Directions = Show all the lines in the data below that include the word "http".
*** Opening Source information ***
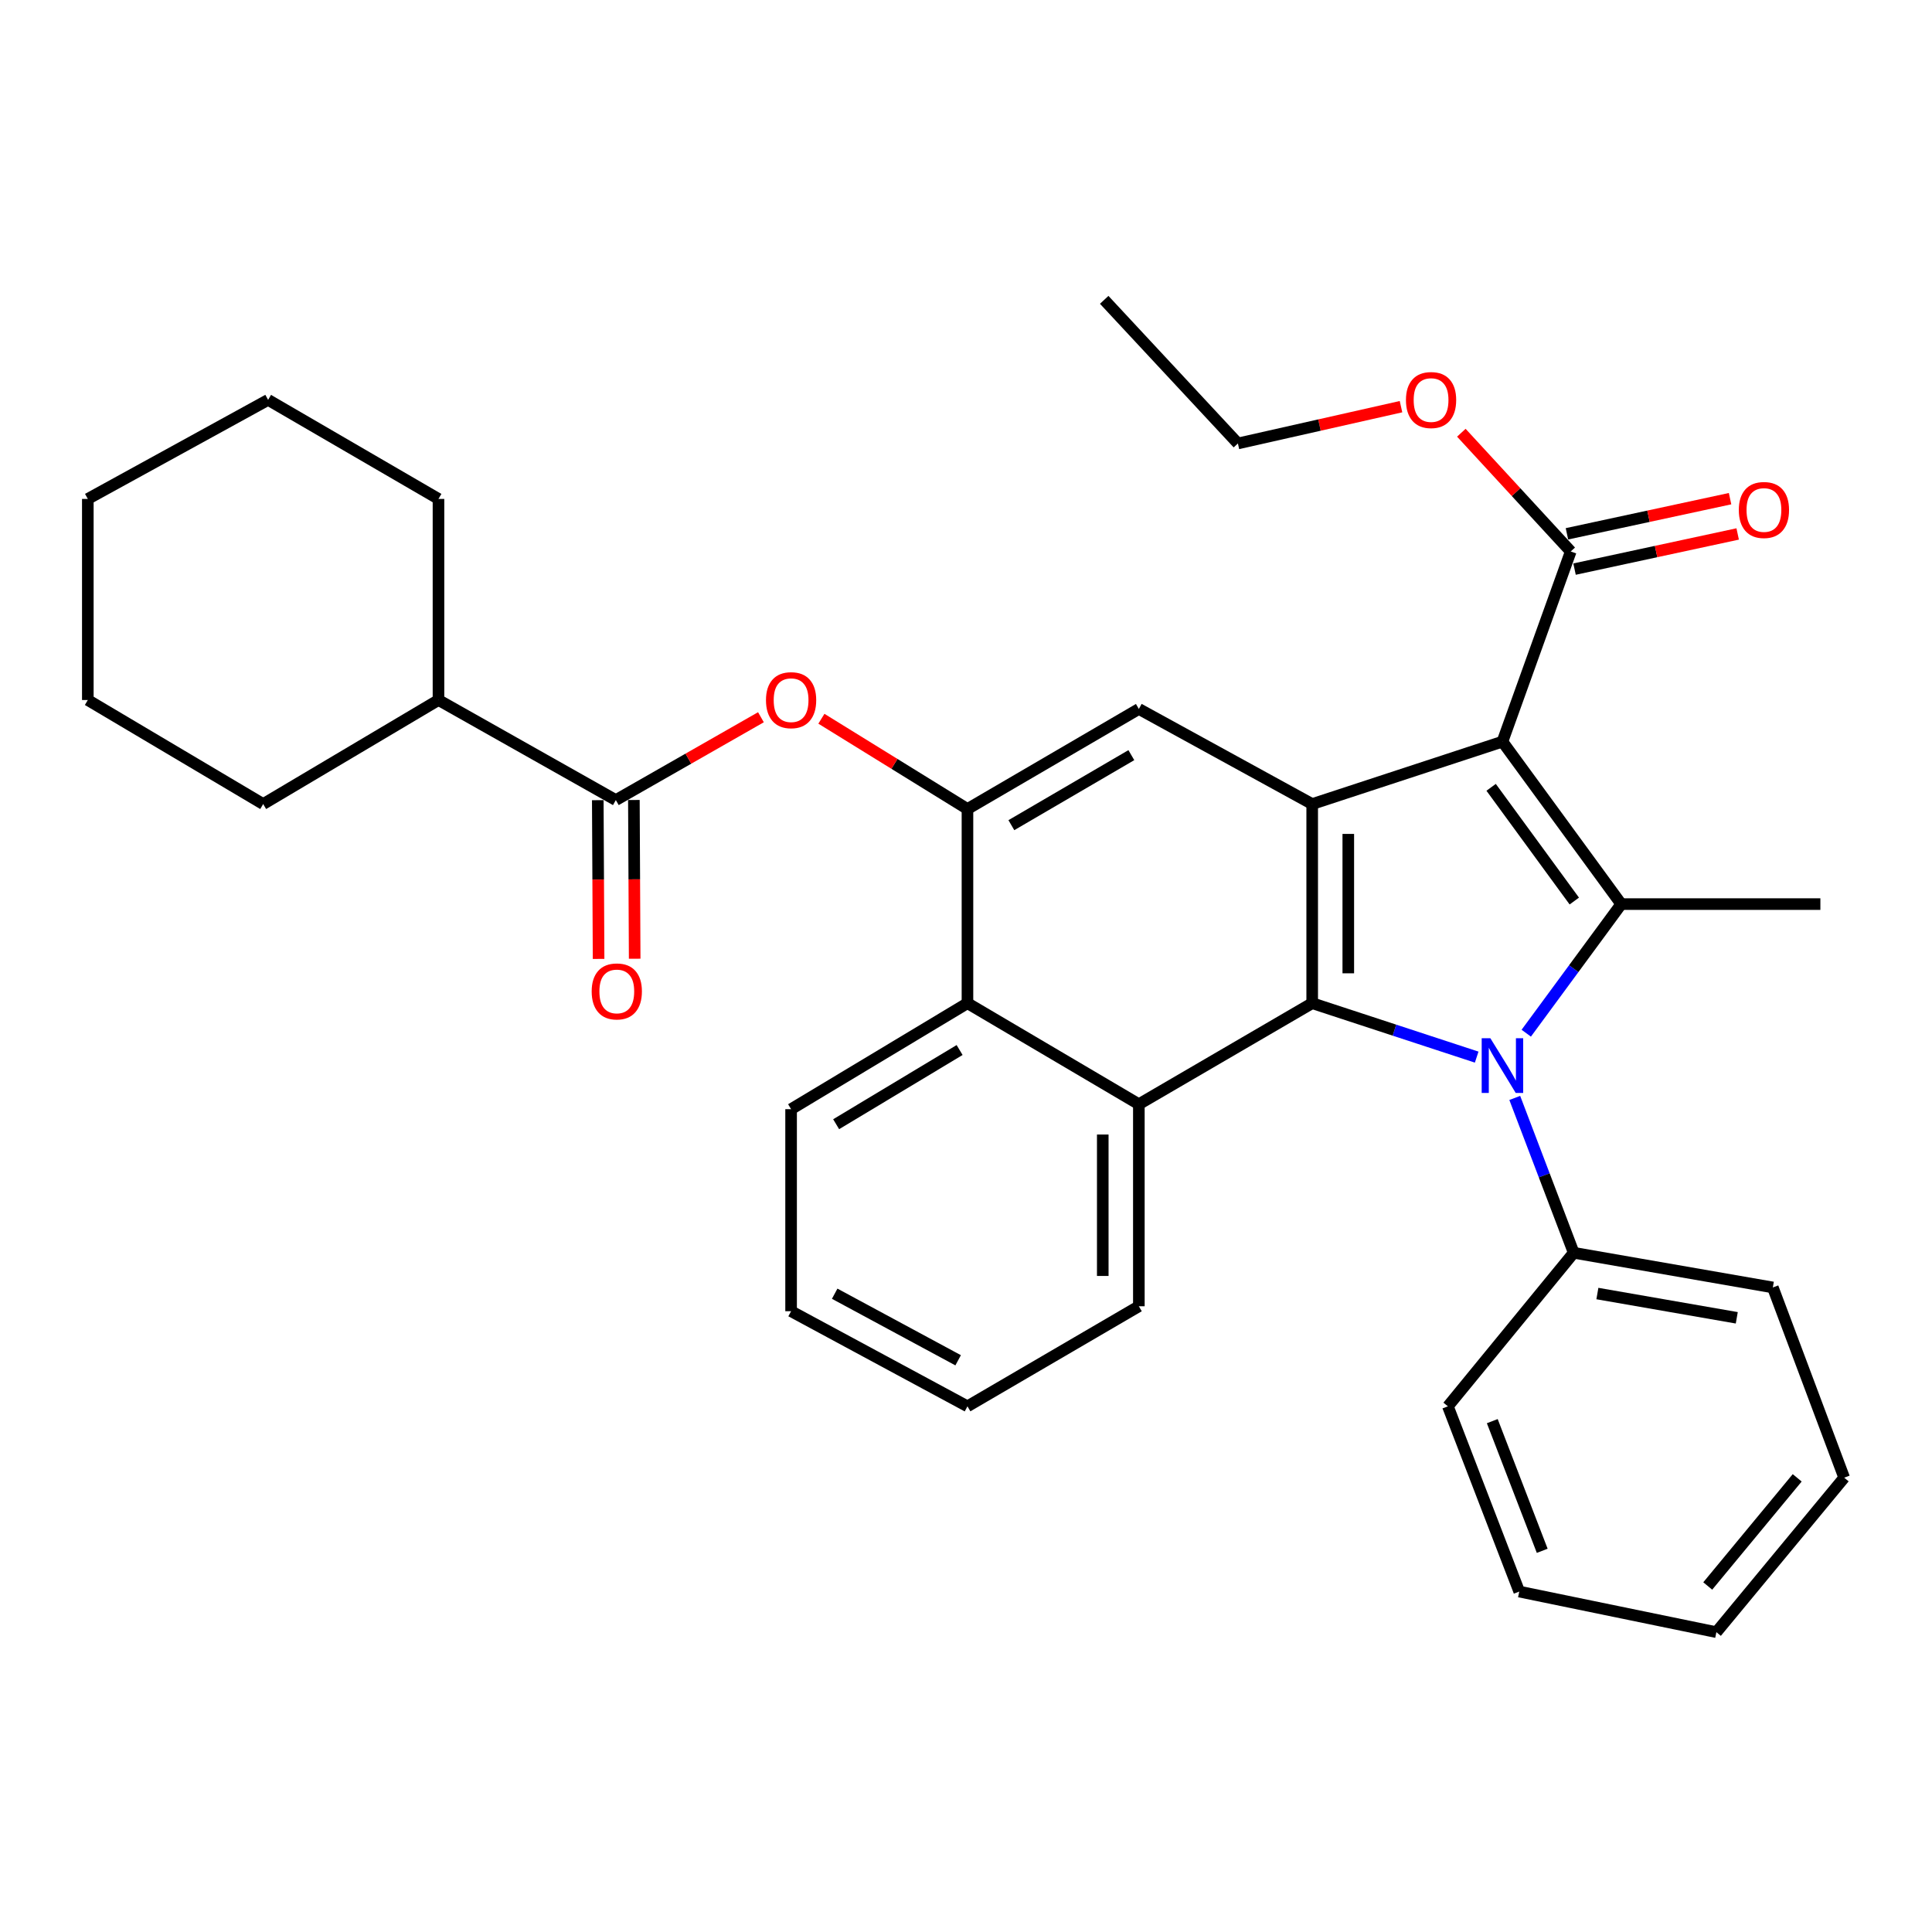 <?xml version='1.0' encoding='iso-8859-1'?>
<svg version='1.1' baseProfile='full'
              xmlns='http://www.w3.org/2000/svg'
                      xmlns:rdkit='http://www.rdkit.org/xml'
                      xmlns:xlink='http://www.w3.org/1999/xlink'
                  xml:space='preserve'
width='1000px' height='1000px' viewBox='0 0 1000 1000'>
<!-- END OF HEADER -->
<rect style='opacity:1.0;fill:#FFFFFF;stroke:none' width='1000' height='1000' x='0' y='0'> </rect>
<path class='bond-1' d='M 777.66,383.875 L 839.158,467.959' style='fill:none;fill-rule:evenodd;stroke:#000000;stroke-width:6px;stroke-linecap:butt;stroke-linejoin:miter;stroke-opacity:1' />
<path class='bond-1' d='M 771.804,407.517 L 814.853,466.376' style='fill:none;fill-rule:evenodd;stroke:#000000;stroke-width:6px;stroke-linecap:butt;stroke-linejoin:miter;stroke-opacity:1' />
<path class='bond-3' d='M 777.66,383.875 L 679.19,416.176' style='fill:none;fill-rule:evenodd;stroke:#000000;stroke-width:6px;stroke-linecap:butt;stroke-linejoin:miter;stroke-opacity:1' />
<path class='bond-7' d='M 777.66,383.875 L 813.012,285.437' style='fill:none;fill-rule:evenodd;stroke:#000000;stroke-width:6px;stroke-linecap:butt;stroke-linejoin:miter;stroke-opacity:1' />
<path class='bond-0' d='M 789.988,534.78 L 814.573,501.369' style='fill:none;fill-rule:evenodd;stroke:#0000FF;stroke-width:6px;stroke-linecap:butt;stroke-linejoin:miter;stroke-opacity:1' />
<path class='bond-0' d='M 814.573,501.369 L 839.158,467.959' style='fill:none;fill-rule:evenodd;stroke:#000000;stroke-width:6px;stroke-linecap:butt;stroke-linejoin:miter;stroke-opacity:1' />
<path class='bond-11' d='M 784.037,568.286 L 799.292,608.361' style='fill:none;fill-rule:evenodd;stroke:#0000FF;stroke-width:6px;stroke-linecap:butt;stroke-linejoin:miter;stroke-opacity:1' />
<path class='bond-11' d='M 799.292,608.361 L 814.548,648.436' style='fill:none;fill-rule:evenodd;stroke:#000000;stroke-width:6px;stroke-linecap:butt;stroke-linejoin:miter;stroke-opacity:1' />
<path class='bond-33' d='M 764.329,547.162 L 721.759,533.203' style='fill:none;fill-rule:evenodd;stroke:#0000FF;stroke-width:6px;stroke-linecap:butt;stroke-linejoin:miter;stroke-opacity:1' />
<path class='bond-33' d='M 721.759,533.203 L 679.19,519.243' style='fill:none;fill-rule:evenodd;stroke:#000000;stroke-width:6px;stroke-linecap:butt;stroke-linejoin:miter;stroke-opacity:1' />
<path class='bond-15' d='M 839.158,467.959 L 942.225,467.959' style='fill:none;fill-rule:evenodd;stroke:#000000;stroke-width:6px;stroke-linecap:butt;stroke-linejoin:miter;stroke-opacity:1' />
<path class='bond-2' d='M 679.19,519.243 L 679.19,416.176' style='fill:none;fill-rule:evenodd;stroke:#000000;stroke-width:6px;stroke-linecap:butt;stroke-linejoin:miter;stroke-opacity:1' />
<path class='bond-2' d='M 697.873,503.783 L 697.873,431.636' style='fill:none;fill-rule:evenodd;stroke:#000000;stroke-width:6px;stroke-linecap:butt;stroke-linejoin:miter;stroke-opacity:1' />
<path class='bond-4' d='M 679.19,519.243 L 589.471,571.545' style='fill:none;fill-rule:evenodd;stroke:#000000;stroke-width:6px;stroke-linecap:butt;stroke-linejoin:miter;stroke-opacity:1' />
<path class='bond-6' d='M 679.19,416.176 L 589.471,366.957' style='fill:none;fill-rule:evenodd;stroke:#000000;stroke-width:6px;stroke-linecap:butt;stroke-linejoin:miter;stroke-opacity:1' />
<path class='bond-17' d='M 589.471,571.545 L 589.471,676.118' style='fill:none;fill-rule:evenodd;stroke:#000000;stroke-width:6px;stroke-linecap:butt;stroke-linejoin:miter;stroke-opacity:1' />
<path class='bond-17' d='M 570.788,587.231 L 570.788,660.432' style='fill:none;fill-rule:evenodd;stroke:#000000;stroke-width:6px;stroke-linecap:butt;stroke-linejoin:miter;stroke-opacity:1' />
<path class='bond-34' d='M 589.471,571.545 L 500.758,519.243' style='fill:none;fill-rule:evenodd;stroke:#000000;stroke-width:6px;stroke-linecap:butt;stroke-linejoin:miter;stroke-opacity:1' />
<path class='bond-5' d='M 500.758,418.74 L 589.471,366.957' style='fill:none;fill-rule:evenodd;stroke:#000000;stroke-width:6px;stroke-linecap:butt;stroke-linejoin:miter;stroke-opacity:1' />
<path class='bond-5' d='M 523.483,427.107 L 585.582,390.859' style='fill:none;fill-rule:evenodd;stroke:#000000;stroke-width:6px;stroke-linecap:butt;stroke-linejoin:miter;stroke-opacity:1' />
<path class='bond-9' d='M 500.758,418.74 L 500.758,519.243' style='fill:none;fill-rule:evenodd;stroke:#000000;stroke-width:6px;stroke-linecap:butt;stroke-linejoin:miter;stroke-opacity:1' />
<path class='bond-10' d='M 500.758,418.74 L 462.956,395.379' style='fill:none;fill-rule:evenodd;stroke:#000000;stroke-width:6px;stroke-linecap:butt;stroke-linejoin:miter;stroke-opacity:1' />
<path class='bond-10' d='M 462.956,395.379 L 425.154,372.019' style='fill:none;fill-rule:evenodd;stroke:#FF0000;stroke-width:6px;stroke-linecap:butt;stroke-linejoin:miter;stroke-opacity:1' />
<path class='bond-13' d='M 814.98,294.569 L 857.199,285.471' style='fill:none;fill-rule:evenodd;stroke:#000000;stroke-width:6px;stroke-linecap:butt;stroke-linejoin:miter;stroke-opacity:1' />
<path class='bond-13' d='M 857.199,285.471 L 899.418,276.373' style='fill:none;fill-rule:evenodd;stroke:#FF0000;stroke-width:6px;stroke-linecap:butt;stroke-linejoin:miter;stroke-opacity:1' />
<path class='bond-13' d='M 811.044,276.305 L 853.263,267.207' style='fill:none;fill-rule:evenodd;stroke:#000000;stroke-width:6px;stroke-linecap:butt;stroke-linejoin:miter;stroke-opacity:1' />
<path class='bond-13' d='M 853.263,267.207 L 895.482,258.11' style='fill:none;fill-rule:evenodd;stroke:#FF0000;stroke-width:6px;stroke-linecap:butt;stroke-linejoin:miter;stroke-opacity:1' />
<path class='bond-16' d='M 813.012,285.437 L 784.699,254.71' style='fill:none;fill-rule:evenodd;stroke:#000000;stroke-width:6px;stroke-linecap:butt;stroke-linejoin:miter;stroke-opacity:1' />
<path class='bond-16' d='M 784.699,254.71 L 756.386,223.982' style='fill:none;fill-rule:evenodd;stroke:#FF0000;stroke-width:6px;stroke-linecap:butt;stroke-linejoin:miter;stroke-opacity:1' />
<path class='bond-8' d='M 318.755,414.121 L 356.307,392.681' style='fill:none;fill-rule:evenodd;stroke:#000000;stroke-width:6px;stroke-linecap:butt;stroke-linejoin:miter;stroke-opacity:1' />
<path class='bond-8' d='M 356.307,392.681 L 393.859,371.241' style='fill:none;fill-rule:evenodd;stroke:#FF0000;stroke-width:6px;stroke-linecap:butt;stroke-linejoin:miter;stroke-opacity:1' />
<path class='bond-12' d='M 309.413,414.168 L 309.62,455.249' style='fill:none;fill-rule:evenodd;stroke:#000000;stroke-width:6px;stroke-linecap:butt;stroke-linejoin:miter;stroke-opacity:1' />
<path class='bond-12' d='M 309.62,455.249 L 309.827,496.331' style='fill:none;fill-rule:evenodd;stroke:#FF0000;stroke-width:6px;stroke-linecap:butt;stroke-linejoin:miter;stroke-opacity:1' />
<path class='bond-12' d='M 328.096,414.074 L 328.303,455.155' style='fill:none;fill-rule:evenodd;stroke:#000000;stroke-width:6px;stroke-linecap:butt;stroke-linejoin:miter;stroke-opacity:1' />
<path class='bond-12' d='M 328.303,455.155 L 328.51,496.237' style='fill:none;fill-rule:evenodd;stroke:#FF0000;stroke-width:6px;stroke-linecap:butt;stroke-linejoin:miter;stroke-opacity:1' />
<path class='bond-14' d='M 318.755,414.121 L 226.959,362.328' style='fill:none;fill-rule:evenodd;stroke:#000000;stroke-width:6px;stroke-linecap:butt;stroke-linejoin:miter;stroke-opacity:1' />
<path class='bond-18' d='M 500.758,519.243 L 409.471,574.109' style='fill:none;fill-rule:evenodd;stroke:#000000;stroke-width:6px;stroke-linecap:butt;stroke-linejoin:miter;stroke-opacity:1' />
<path class='bond-18' d='M 496.689,543.487 L 432.788,581.892' style='fill:none;fill-rule:evenodd;stroke:#000000;stroke-width:6px;stroke-linecap:butt;stroke-linejoin:miter;stroke-opacity:1' />
<path class='bond-19' d='M 814.548,648.436 L 917.616,666.382' style='fill:none;fill-rule:evenodd;stroke:#000000;stroke-width:6px;stroke-linecap:butt;stroke-linejoin:miter;stroke-opacity:1' />
<path class='bond-19' d='M 826.803,669.534 L 898.951,682.096' style='fill:none;fill-rule:evenodd;stroke:#000000;stroke-width:6px;stroke-linecap:butt;stroke-linejoin:miter;stroke-opacity:1' />
<path class='bond-20' d='M 814.548,648.436 L 749.428,727.911' style='fill:none;fill-rule:evenodd;stroke:#000000;stroke-width:6px;stroke-linecap:butt;stroke-linejoin:miter;stroke-opacity:1' />
<path class='bond-21' d='M 226.959,362.328 L 226.959,258.243' style='fill:none;fill-rule:evenodd;stroke:#000000;stroke-width:6px;stroke-linecap:butt;stroke-linejoin:miter;stroke-opacity:1' />
<path class='bond-22' d='M 226.959,362.328 L 136.222,416.176' style='fill:none;fill-rule:evenodd;stroke:#000000;stroke-width:6px;stroke-linecap:butt;stroke-linejoin:miter;stroke-opacity:1' />
<path class='bond-23' d='M 725.157,210.489 L 682.946,220.011' style='fill:none;fill-rule:evenodd;stroke:#FF0000;stroke-width:6px;stroke-linecap:butt;stroke-linejoin:miter;stroke-opacity:1' />
<path class='bond-23' d='M 682.946,220.011 L 640.734,229.533' style='fill:none;fill-rule:evenodd;stroke:#000000;stroke-width:6px;stroke-linecap:butt;stroke-linejoin:miter;stroke-opacity:1' />
<path class='bond-24' d='M 589.471,676.118 L 500.758,727.911' style='fill:none;fill-rule:evenodd;stroke:#000000;stroke-width:6px;stroke-linecap:butt;stroke-linejoin:miter;stroke-opacity:1' />
<path class='bond-25' d='M 409.471,574.109 L 409.471,678.682' style='fill:none;fill-rule:evenodd;stroke:#000000;stroke-width:6px;stroke-linecap:butt;stroke-linejoin:miter;stroke-opacity:1' />
<path class='bond-28' d='M 917.616,666.382 L 954.545,764.841' style='fill:none;fill-rule:evenodd;stroke:#000000;stroke-width:6px;stroke-linecap:butt;stroke-linejoin:miter;stroke-opacity:1' />
<path class='bond-27' d='M 749.428,727.911 L 786.358,823.796' style='fill:none;fill-rule:evenodd;stroke:#000000;stroke-width:6px;stroke-linecap:butt;stroke-linejoin:miter;stroke-opacity:1' />
<path class='bond-27' d='M 772.402,735.579 L 798.253,802.698' style='fill:none;fill-rule:evenodd;stroke:#000000;stroke-width:6px;stroke-linecap:butt;stroke-linejoin:miter;stroke-opacity:1' />
<path class='bond-30' d='M 226.959,258.243 L 138.776,206.979' style='fill:none;fill-rule:evenodd;stroke:#000000;stroke-width:6px;stroke-linecap:butt;stroke-linejoin:miter;stroke-opacity:1' />
<path class='bond-29' d='M 136.222,416.176 L 45.455,362.328' style='fill:none;fill-rule:evenodd;stroke:#000000;stroke-width:6px;stroke-linecap:butt;stroke-linejoin:miter;stroke-opacity:1' />
<path class='bond-26' d='M 640.734,229.533 L 571.535,155.196' style='fill:none;fill-rule:evenodd;stroke:#000000;stroke-width:6px;stroke-linecap:butt;stroke-linejoin:miter;stroke-opacity:1' />
<path class='bond-35' d='M 500.758,727.911 L 409.471,678.682' style='fill:none;fill-rule:evenodd;stroke:#000000;stroke-width:6px;stroke-linecap:butt;stroke-linejoin:miter;stroke-opacity:1' />
<path class='bond-35' d='M 495.933,704.082 L 432.032,669.622' style='fill:none;fill-rule:evenodd;stroke:#000000;stroke-width:6px;stroke-linecap:butt;stroke-linejoin:miter;stroke-opacity:1' />
<path class='bond-32' d='M 786.358,823.796 L 888.397,844.804' style='fill:none;fill-rule:evenodd;stroke:#000000;stroke-width:6px;stroke-linecap:butt;stroke-linejoin:miter;stroke-opacity:1' />
<path class='bond-36' d='M 954.545,764.841 L 888.397,844.804' style='fill:none;fill-rule:evenodd;stroke:#000000;stroke-width:6px;stroke-linecap:butt;stroke-linejoin:miter;stroke-opacity:1' />
<path class='bond-36' d='M 930.228,764.927 L 883.924,820.901' style='fill:none;fill-rule:evenodd;stroke:#000000;stroke-width:6px;stroke-linecap:butt;stroke-linejoin:miter;stroke-opacity:1' />
<path class='bond-31' d='M 45.455,362.328 L 45.455,258.243' style='fill:none;fill-rule:evenodd;stroke:#000000;stroke-width:6px;stroke-linecap:butt;stroke-linejoin:miter;stroke-opacity:1' />
<path class='bond-37' d='M 138.776,206.979 L 45.455,258.243' style='fill:none;fill-rule:evenodd;stroke:#000000;stroke-width:6px;stroke-linecap:butt;stroke-linejoin:miter;stroke-opacity:1' />
<path  class='atom-1' d='M 771.4 537.374
L 780.68 552.374
Q 781.6 553.854, 783.08 556.534
Q 784.56 559.214, 784.64 559.374
L 784.64 537.374
L 788.4 537.374
L 788.4 565.694
L 784.52 565.694
L 774.56 549.294
Q 773.4 547.374, 772.16 545.174
Q 770.96 542.974, 770.6 542.294
L 770.6 565.694
L 766.92 565.694
L 766.92 537.374
L 771.4 537.374
' fill='#0000FF'/>
<path  class='atom-11' d='M 396.471 362.408
Q 396.471 355.608, 399.831 351.808
Q 403.191 348.008, 409.471 348.008
Q 415.751 348.008, 419.111 351.808
Q 422.471 355.608, 422.471 362.408
Q 422.471 369.288, 419.071 373.208
Q 415.671 377.088, 409.471 377.088
Q 403.231 377.088, 399.831 373.208
Q 396.471 369.328, 396.471 362.408
M 409.471 373.888
Q 413.791 373.888, 416.111 371.008
Q 418.471 368.088, 418.471 362.408
Q 418.471 356.848, 416.111 354.048
Q 413.791 351.208, 409.471 351.208
Q 405.151 351.208, 402.791 354.008
Q 400.471 356.808, 400.471 362.408
Q 400.471 368.128, 402.791 371.008
Q 405.151 373.888, 409.471 373.888
' fill='#FF0000'/>
<path  class='atom-13' d='M 306.253 513.158
Q 306.253 506.358, 309.613 502.558
Q 312.973 498.758, 319.253 498.758
Q 325.533 498.758, 328.893 502.558
Q 332.253 506.358, 332.253 513.158
Q 332.253 520.038, 328.853 523.958
Q 325.453 527.838, 319.253 527.838
Q 313.013 527.838, 309.613 523.958
Q 306.253 520.078, 306.253 513.158
M 319.253 524.638
Q 323.573 524.638, 325.893 521.758
Q 328.253 518.838, 328.253 513.158
Q 328.253 507.598, 325.893 504.798
Q 323.573 501.958, 319.253 501.958
Q 314.933 501.958, 312.573 504.758
Q 310.253 507.558, 310.253 513.158
Q 310.253 518.878, 312.573 521.758
Q 314.933 524.638, 319.253 524.638
' fill='#FF0000'/>
<path  class='atom-14' d='M 900.007 263.969
Q 900.007 257.169, 903.367 253.369
Q 906.727 249.569, 913.007 249.569
Q 919.287 249.569, 922.647 253.369
Q 926.007 257.169, 926.007 263.969
Q 926.007 270.849, 922.607 274.769
Q 919.207 278.649, 913.007 278.649
Q 906.767 278.649, 903.367 274.769
Q 900.007 270.889, 900.007 263.969
M 913.007 275.449
Q 917.327 275.449, 919.647 272.569
Q 922.007 269.649, 922.007 263.969
Q 922.007 258.409, 919.647 255.609
Q 917.327 252.769, 913.007 252.769
Q 908.687 252.769, 906.327 255.569
Q 904.007 258.369, 904.007 263.969
Q 904.007 269.689, 906.327 272.569
Q 908.687 275.449, 913.007 275.449
' fill='#FF0000'/>
<path  class='atom-17' d='M 727.719 207.059
Q 727.719 200.259, 731.079 196.459
Q 734.439 192.659, 740.719 192.659
Q 746.999 192.659, 750.359 196.459
Q 753.719 200.259, 753.719 207.059
Q 753.719 213.939, 750.319 217.859
Q 746.919 221.739, 740.719 221.739
Q 734.479 221.739, 731.079 217.859
Q 727.719 213.979, 727.719 207.059
M 740.719 218.539
Q 745.039 218.539, 747.359 215.659
Q 749.719 212.739, 749.719 207.059
Q 749.719 201.499, 747.359 198.699
Q 745.039 195.859, 740.719 195.859
Q 736.399 195.859, 734.039 198.659
Q 731.719 201.459, 731.719 207.059
Q 731.719 212.779, 734.039 215.659
Q 736.399 218.539, 740.719 218.539
' fill='#FF0000'/>
</svg>
*** Closing Source information ***
Answer area =
              xmlns='http://www.w3.org/2000/svg'
                      xmlns:rdkit='http://www.rdkit.org/xml'
                      xmlns:xlink='http://www.w3.org/1999/xlink'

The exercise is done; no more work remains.